Detroit upgraded

Wojtek Sokolowski sokol at jhu.edu
Thu May 6 13:13:08 PDT 1999


At 02:49 PM 5/6/99 -0400, Charles wrote:
>But the personality analysis I give falls into the error the media wants
me to make. Coleman Young was not so much the problem as the overwhelmingly Black population, which was the basis of his election and reelections, carrying forth the spirit of activism and revolt from the 1967 rebellion etc.
>The Black majority was created not by a Black invasion , but by White
flight to the suburbs. The bourgeoisie were not comfortable with investing in an overwhelmingly proletarian AND Black population, which Detroit is, especially when it symbollically continued to represent its militancy and Blackness and working class elan by repeatedly electing Young, a legendary Black red, even when he had made many compromises.

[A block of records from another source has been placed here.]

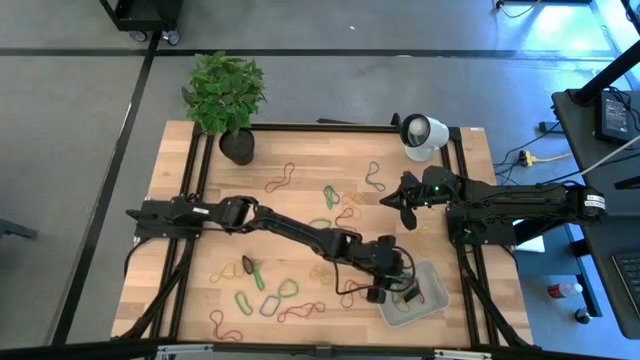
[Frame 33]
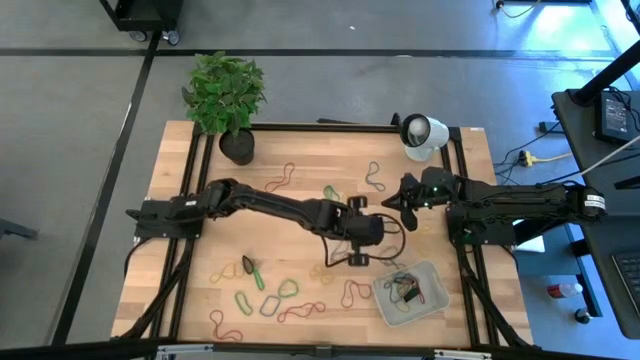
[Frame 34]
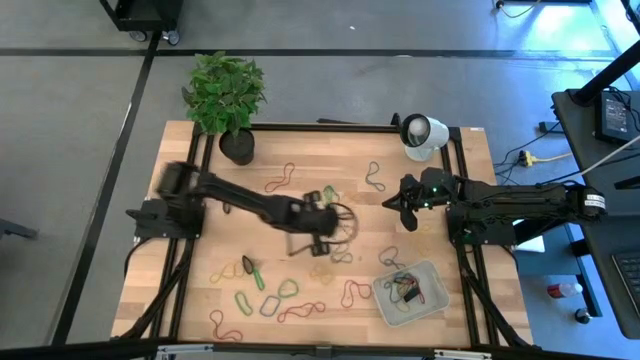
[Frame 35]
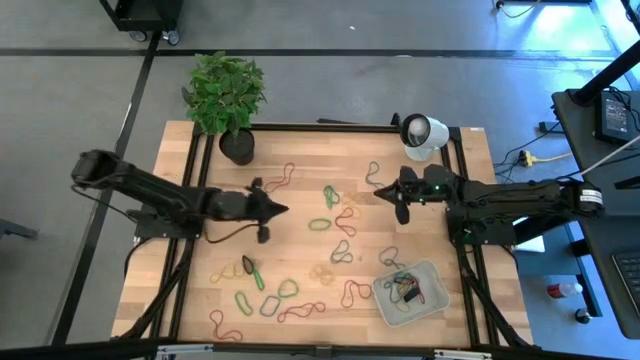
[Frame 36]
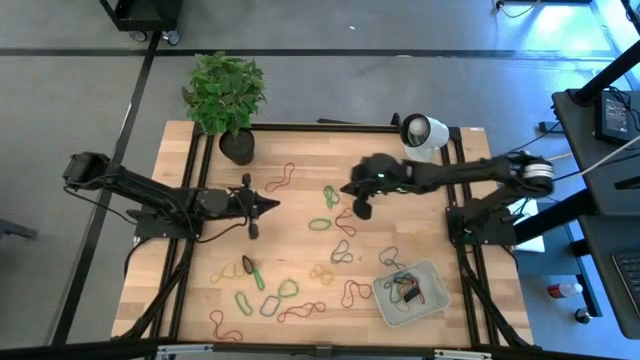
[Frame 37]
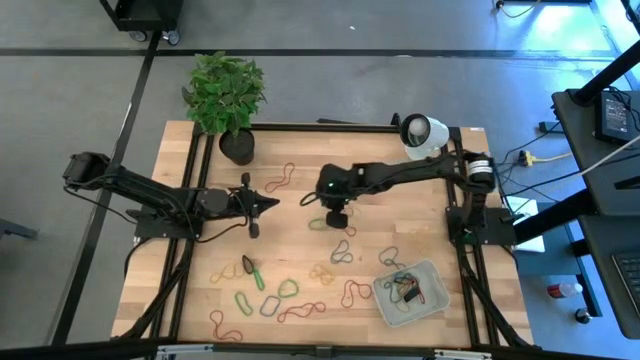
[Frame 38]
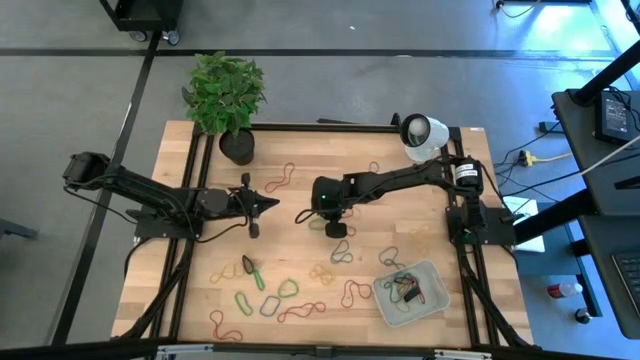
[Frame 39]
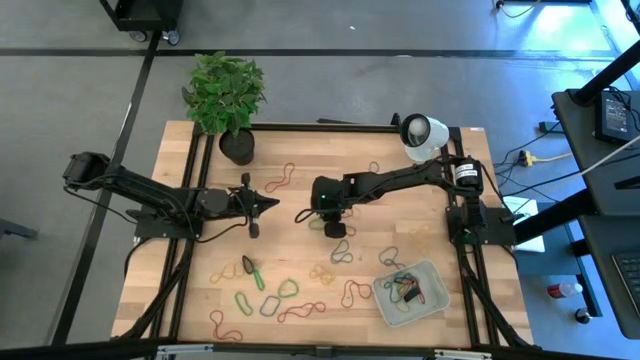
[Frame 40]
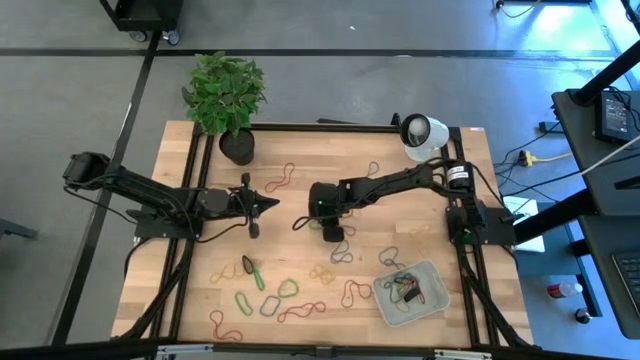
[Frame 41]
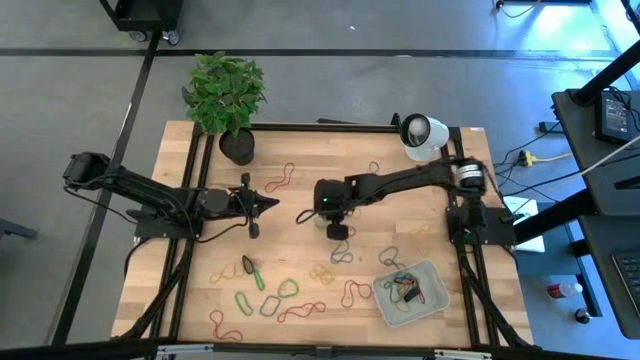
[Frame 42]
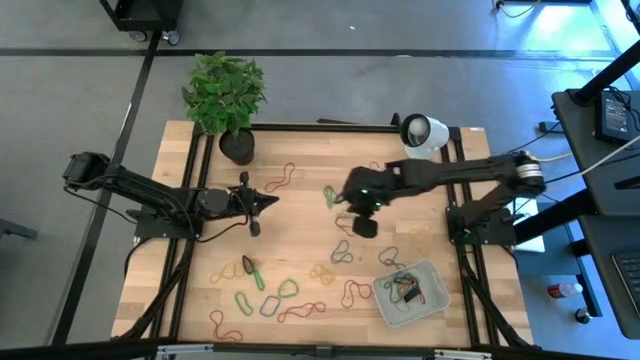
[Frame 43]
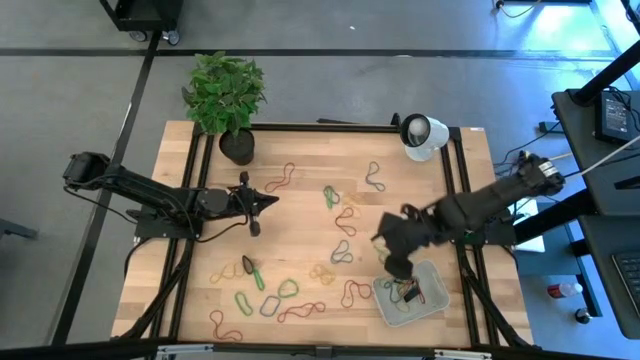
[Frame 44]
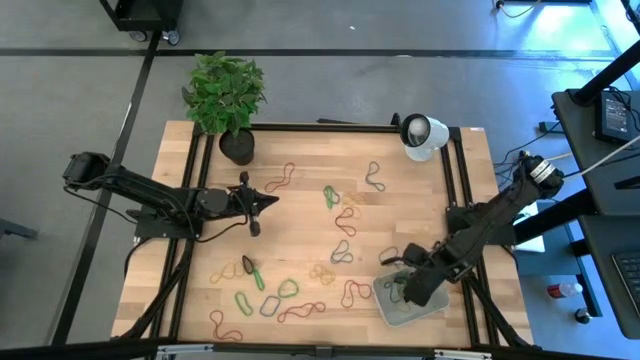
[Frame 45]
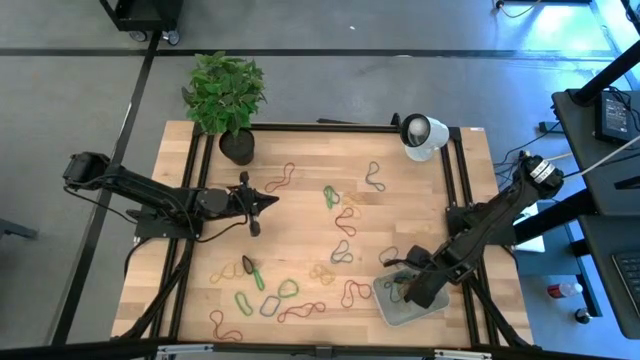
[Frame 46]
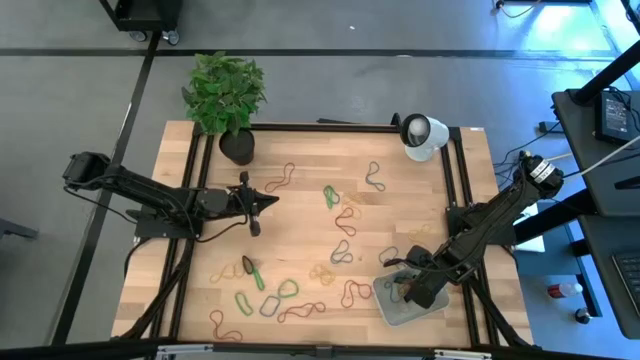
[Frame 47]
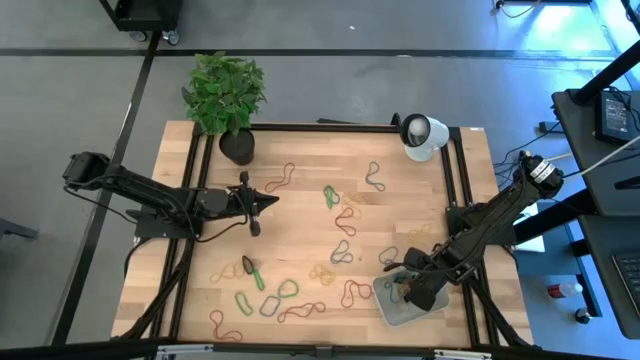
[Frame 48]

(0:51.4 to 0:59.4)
Task: Pick and place rubber bands into bin
Put the green rubber band into the white bin

WS: That's quite an interesting contrast with Baltimore which shares many similar features with Detroit (i.e. blockbusting, white flight, working class population). But my reading is that the current population of Baltimore (80% black) is not at all interested in politics, let alone radical - to the point that Schmoke (the current black mayor) can virtually ignore black concerns and pander exclusively to the interests of his cronies, gambling promoters and local robber barons (who are mostly white - but I think that the only color that matters to the mayor is green). Most bumper stickers you see in the city threaten you with assorted perils if you do not find Jesus, rather than call for a radical political action.


>
>Now all the big bourgeoisie are happy with current Mayor Archer, so
Detroit gets a good grade as a reward , and good press. We are "coming back", according to them. Compuware is now going to locate a headquarters downtown. GM just moved its headquarters from midcity to downtown ( the significance being they didn't move it OUT of the city). Casinos are being built. Land values are going up. Archer wants to abolish the city business tax altogether.

WS: Well, but I think there must be using using some seemingly objective criteria, not just "because we say so." There is clearly some urban revitalization going on, but what makes me wonder is how urban revitalization in Detroit or Baltimore compares to that in, say, NYC, Chicago or Boston? Any stats?